Stored data:
= = = = = = =

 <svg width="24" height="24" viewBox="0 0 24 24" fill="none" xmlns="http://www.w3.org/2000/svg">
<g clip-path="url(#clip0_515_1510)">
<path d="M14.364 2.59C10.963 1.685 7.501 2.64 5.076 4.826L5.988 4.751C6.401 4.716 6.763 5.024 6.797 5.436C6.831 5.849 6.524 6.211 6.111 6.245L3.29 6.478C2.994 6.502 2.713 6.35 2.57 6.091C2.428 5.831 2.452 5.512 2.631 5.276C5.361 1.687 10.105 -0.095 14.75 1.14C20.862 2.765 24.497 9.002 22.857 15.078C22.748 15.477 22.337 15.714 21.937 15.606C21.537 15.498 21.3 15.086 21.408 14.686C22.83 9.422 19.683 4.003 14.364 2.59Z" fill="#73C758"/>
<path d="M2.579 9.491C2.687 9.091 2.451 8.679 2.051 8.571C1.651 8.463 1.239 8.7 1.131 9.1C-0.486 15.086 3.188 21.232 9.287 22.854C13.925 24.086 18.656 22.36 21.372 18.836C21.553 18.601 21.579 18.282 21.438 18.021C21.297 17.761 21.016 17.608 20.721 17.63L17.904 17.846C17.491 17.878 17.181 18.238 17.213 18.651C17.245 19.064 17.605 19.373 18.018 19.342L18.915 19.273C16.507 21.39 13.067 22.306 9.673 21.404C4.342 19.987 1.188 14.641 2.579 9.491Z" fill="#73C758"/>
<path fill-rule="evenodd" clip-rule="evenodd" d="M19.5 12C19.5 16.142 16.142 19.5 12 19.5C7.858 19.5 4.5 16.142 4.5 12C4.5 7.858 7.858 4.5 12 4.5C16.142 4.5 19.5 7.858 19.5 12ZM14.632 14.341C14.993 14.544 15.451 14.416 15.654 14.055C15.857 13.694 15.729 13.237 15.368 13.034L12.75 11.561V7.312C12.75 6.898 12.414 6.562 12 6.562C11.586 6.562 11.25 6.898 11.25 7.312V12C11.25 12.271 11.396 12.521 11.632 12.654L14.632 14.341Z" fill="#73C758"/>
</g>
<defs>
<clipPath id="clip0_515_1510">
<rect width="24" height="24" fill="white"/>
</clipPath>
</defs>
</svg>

= = = = = = =

Requirement -> Reproduce only the lines between the line containing "2.59C10.963 1.685 7.501" and the last line of the records, those two lines included, exactly.

Output for this task ->
<path d="M14.364 2.59C10.963 1.685 7.501 2.64 5.076 4.826L5.988 4.751C6.401 4.716 6.763 5.024 6.797 5.436C6.831 5.849 6.524 6.211 6.111 6.245L3.29 6.478C2.994 6.502 2.713 6.35 2.57 6.091C2.428 5.831 2.452 5.512 2.631 5.276C5.361 1.687 10.105 -0.095 14.75 1.14C20.862 2.765 24.497 9.002 22.857 15.078C22.748 15.477 22.337 15.714 21.937 15.606C21.537 15.498 21.3 15.086 21.408 14.686C22.83 9.422 19.683 4.003 14.364 2.59Z" fill="#73C758"/>
<path d="M2.579 9.491C2.687 9.091 2.451 8.679 2.051 8.571C1.651 8.463 1.239 8.7 1.131 9.1C-0.486 15.086 3.188 21.232 9.287 22.854C13.925 24.086 18.656 22.36 21.372 18.836C21.553 18.601 21.579 18.282 21.438 18.021C21.297 17.761 21.016 17.608 20.721 17.63L17.904 17.846C17.491 17.878 17.181 18.238 17.213 18.651C17.245 19.064 17.605 19.373 18.018 19.342L18.915 19.273C16.507 21.39 13.067 22.306 9.673 21.404C4.342 19.987 1.188 14.641 2.579 9.491Z" fill="#73C758"/>
<path fill-rule="evenodd" clip-rule="evenodd" d="M19.5 12C19.5 16.142 16.142 19.5 12 19.5C7.858 19.5 4.5 16.142 4.5 12C4.5 7.858 7.858 4.5 12 4.5C16.142 4.5 19.5 7.858 19.5 12ZM14.632 14.341C14.993 14.544 15.451 14.416 15.654 14.055C15.857 13.694 15.729 13.237 15.368 13.034L12.75 11.561V7.312C12.75 6.898 12.414 6.562 12 6.562C11.586 6.562 11.25 6.898 11.25 7.312V12C11.25 12.271 11.396 12.521 11.632 12.654L14.632 14.341Z" fill="#73C758"/>
</g>
<defs>
<clipPath id="clip0_515_1510">
<rect width="24" height="24" fill="white"/>
</clipPath>
</defs>
</svg>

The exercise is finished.